Tomorrow marks the 71st anniversary of the D-Day invasion that took place on June 6, 1944. While I don't have a complete list of those who served or lost their lives in the conflict, I'd still like to take the time to remember these selfless individuals.

A little shy of a month ago, I decided to look through an older (2008) Wofford football media guide that I have. Having not opened it in a little while, I began combing the pages with attentiveness, rediscovering things I perhaps used to know, finding a letterman from Arkansas (I've yet to complete research on that.), and enjoying some memories. Eventually, everything within the book was exhausted, and I stumbled upon the college's athletic hall of fame on a page near the back cover. For some reason, I was quickly drawn to the name of a multi-sport Terrier athlete and student body president, Aubrey Faust.

Somewhere in the back of my mind, I recalled that name. (After all, I knew I had read this before.) As I began to read the extremely brief biographical blurb under his name, however, I noticed something that I hadn't particularly remembered. Faust was killed in action on the beaches of Normandy in July 1944, about a month after the D-Day invasion. Immediately, I began to research this subject.

Faust garnered Little All-American honors in 1942, his senior season -- from what I can find, he was the first Wofford player to be named an All-American -- according to this Herald-Journal article from Dec. 9, 1942 (https://news.google.com/newspapers?id=KPkeAAAAIBAJ&sjid=8soEAAAAIBAJ&pg=6712%2C3478570). On Aug. 9, 1944, however, came the grim news that 2nd Lt. Faust, along with Capt. W.P. "Bill" Burhman, had been killed in action (https://news.google.com/newspapers?id=q ... %2C2855802).

While I don't have the names of all seventy-three Wofford Terriers that lost their lives in World War Two (perhaps someone here does), I'd like to take the time today to remember all those that served, including the late Lee Hanning.

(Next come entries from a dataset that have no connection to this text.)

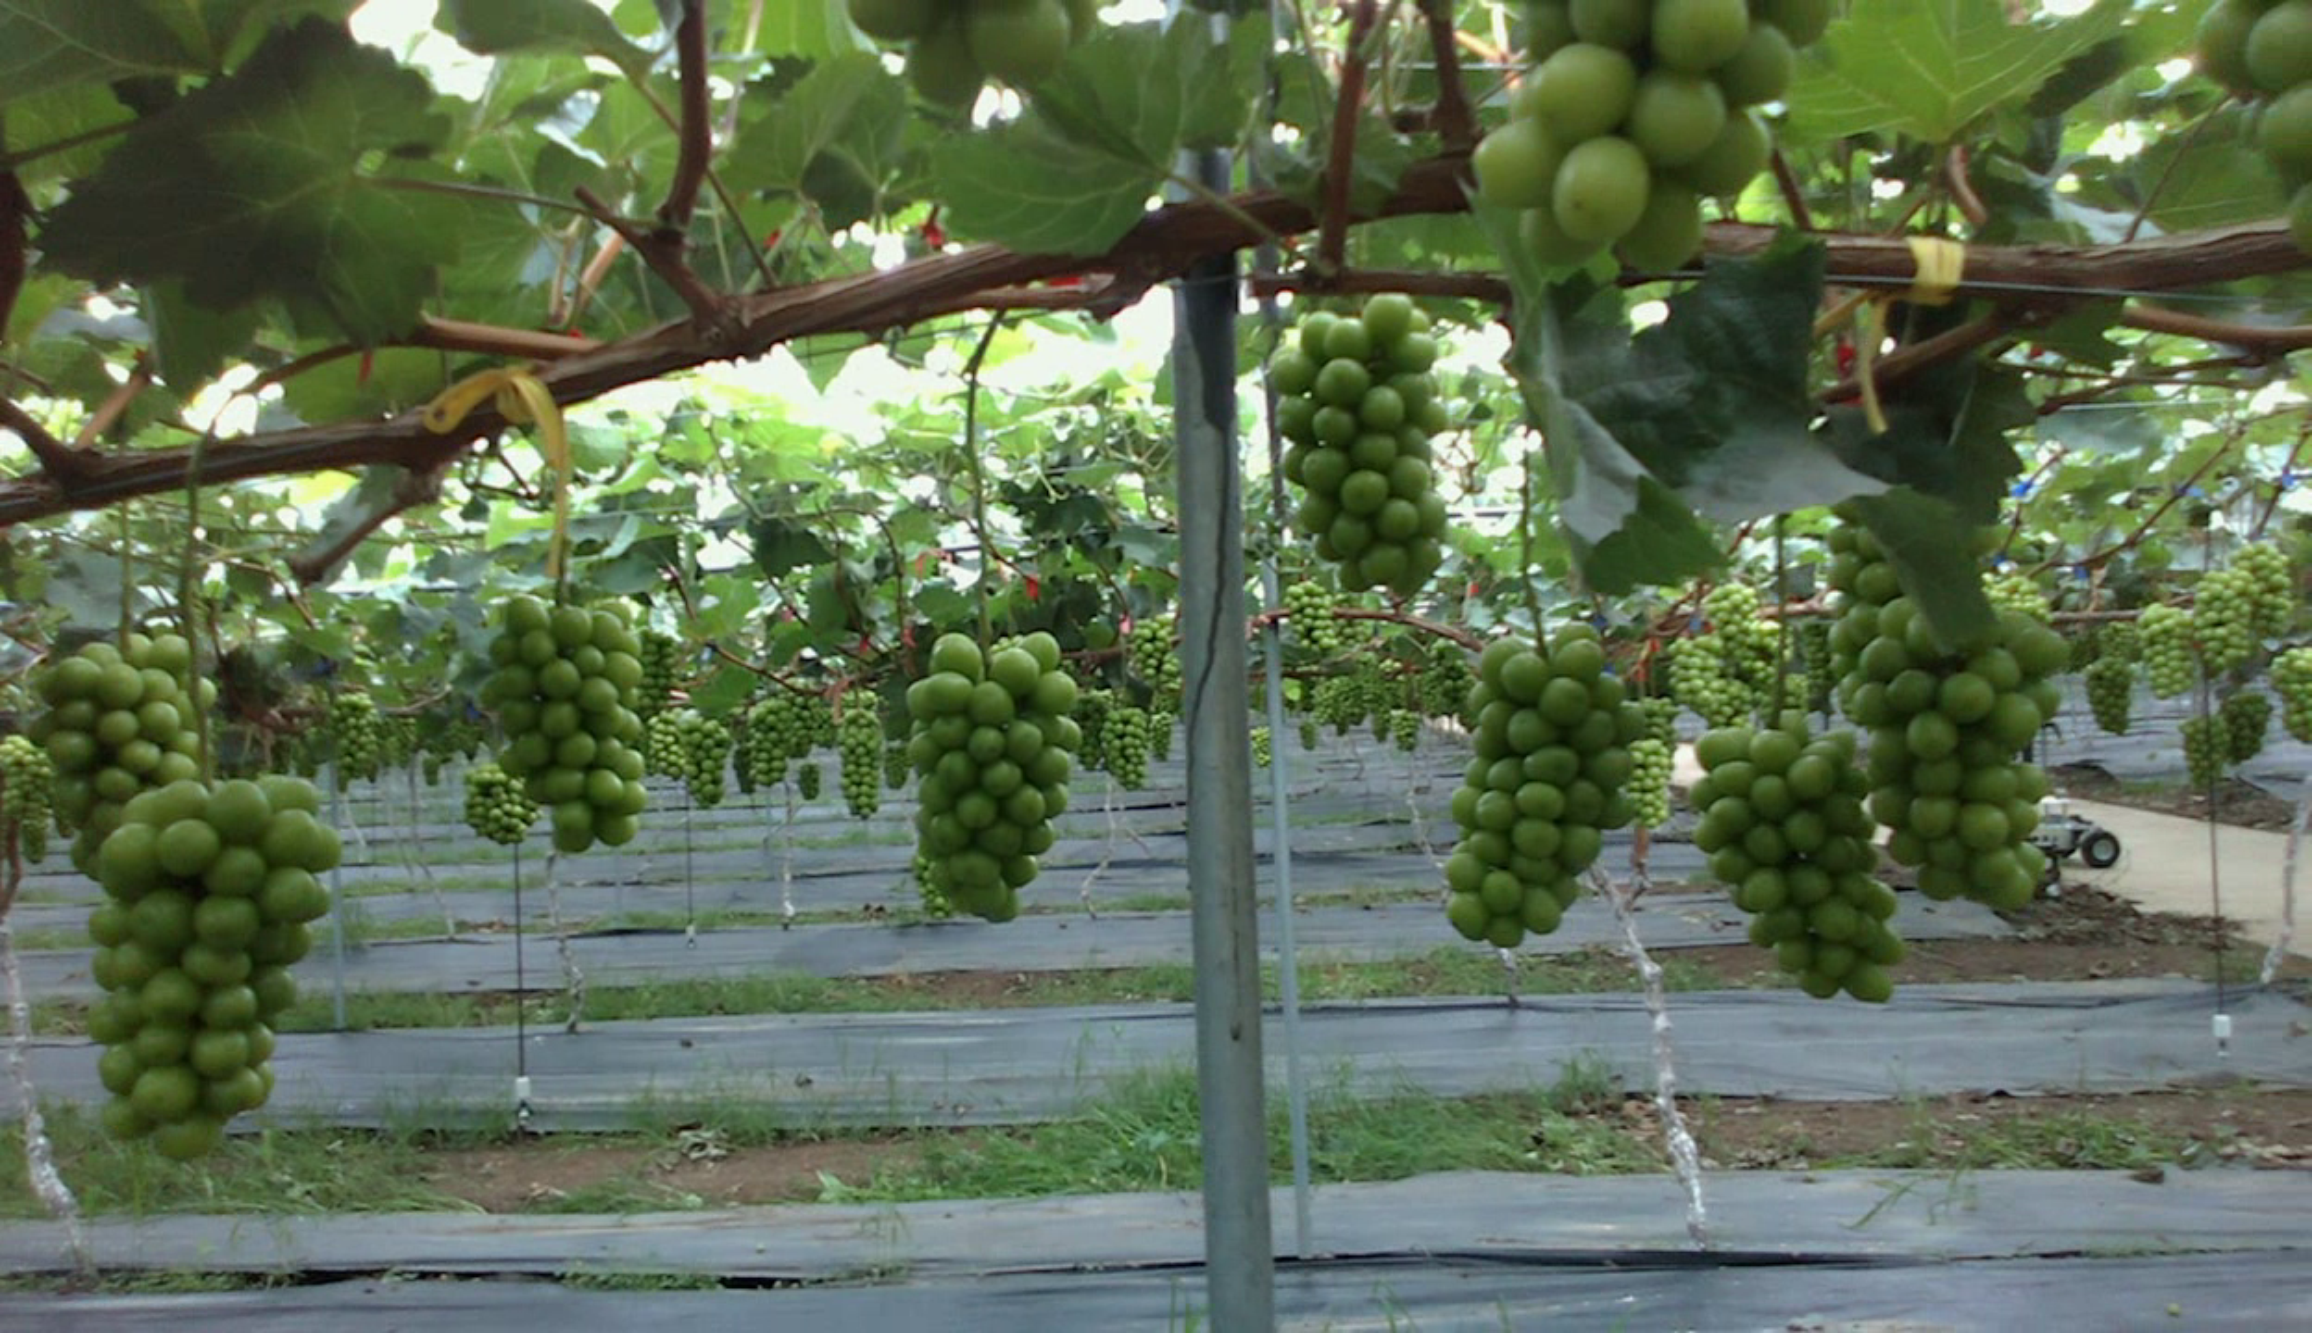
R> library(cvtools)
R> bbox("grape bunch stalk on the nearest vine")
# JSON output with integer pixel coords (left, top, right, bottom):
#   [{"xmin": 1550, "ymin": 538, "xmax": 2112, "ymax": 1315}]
[{"xmin": 180, "ymin": 343, "xmax": 358, "ymax": 792}]
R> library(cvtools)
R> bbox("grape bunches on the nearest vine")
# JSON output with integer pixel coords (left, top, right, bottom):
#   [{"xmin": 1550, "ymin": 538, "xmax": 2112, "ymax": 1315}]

With courtesy to Doyle Boggs of the Wofford College library, here is a passage that Dr. Bryan Crenshaw '43 penned for the Greenville Piedmont newspaper in 1983:
"It is not enough to remember generalities. With glittering platitudes and broad sweep of oratory, we can pay superficial tribute to those who have died. The pain comes in the specifics, as we remember the individual persons.
"Guy Wilkes was my boyhood friend and hero. We were natives of Chester, S.C., and for most of our early lives, we lived only a few blocks apart. Guy was clean cut, of slight build and modest spirit. He was an excellent student, gentle in demeanor, loved by his teachers, and admired by his peers. He attended Wofford College, where he received many honors; and in his senior year of 1942, he was president of the graduating class.
"Guy was killed on the beaches of Normandy in June 1944.
"Aubrey Faust followed Guy as president of the Wofford senior class of 1943. He was six-four, strikingly handsome, and perhaps the most popular student in school. He was first-string All-America in both football and basketball.
"Aubrey and I were good friends in college, and best friends in the service. We entered the Army together at Fort Jackson, graduated together from Officers' Candidate School at Fort Benning, and served together at Camp McCoy in Wisconsin. We shared bunks on the troopship overseas and joined the same regiment of the 29th Division in Normandy shortly after D-Day.
"In early July, less than a month and not more than 20 miles from where Guy was killed, Aubrey was leading a night patrol behind enemy lines just north of St. Lo. His mission was to pinpoint some mortar positions; and as he crossed a hedgerow, a single rifle shot shattered the silence. Aubrey was hit center breast.
"His body was never recovered, though God knows I tried to find him on the next night when I led a patrol in the same sector with the same mission. He was officially listed, 'missing in action, presumed dead'…"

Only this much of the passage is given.